Information:
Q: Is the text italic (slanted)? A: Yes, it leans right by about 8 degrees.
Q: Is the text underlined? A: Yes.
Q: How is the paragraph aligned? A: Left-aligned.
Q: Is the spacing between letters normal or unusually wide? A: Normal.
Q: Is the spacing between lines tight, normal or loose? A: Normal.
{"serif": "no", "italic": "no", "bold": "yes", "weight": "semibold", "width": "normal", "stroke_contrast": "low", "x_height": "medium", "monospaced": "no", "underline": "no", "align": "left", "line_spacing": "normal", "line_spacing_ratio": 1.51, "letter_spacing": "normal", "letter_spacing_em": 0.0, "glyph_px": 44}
...
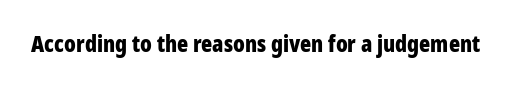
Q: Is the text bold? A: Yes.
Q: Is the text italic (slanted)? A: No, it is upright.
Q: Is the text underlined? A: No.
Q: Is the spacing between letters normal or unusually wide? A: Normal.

Exercise brief: Only the lines above starting with the one with "Q: Is the text italic (slanted)? A: Yes, it" and going through the one with "Q: Is the spacing between lines" are to be copied, word for word and with both ends kept.

Result for this task:
Q: Is the text italic (slanted)? A: Yes, it leans right by about 8 degrees.
Q: Is the text underlined? A: Yes.
Q: How is the paragraph aligned? A: Left-aligned.
Q: Is the spacing between letters normal or unusually wide? A: Normal.
Q: Is the spacing between lines tight, normal or loose? A: Normal.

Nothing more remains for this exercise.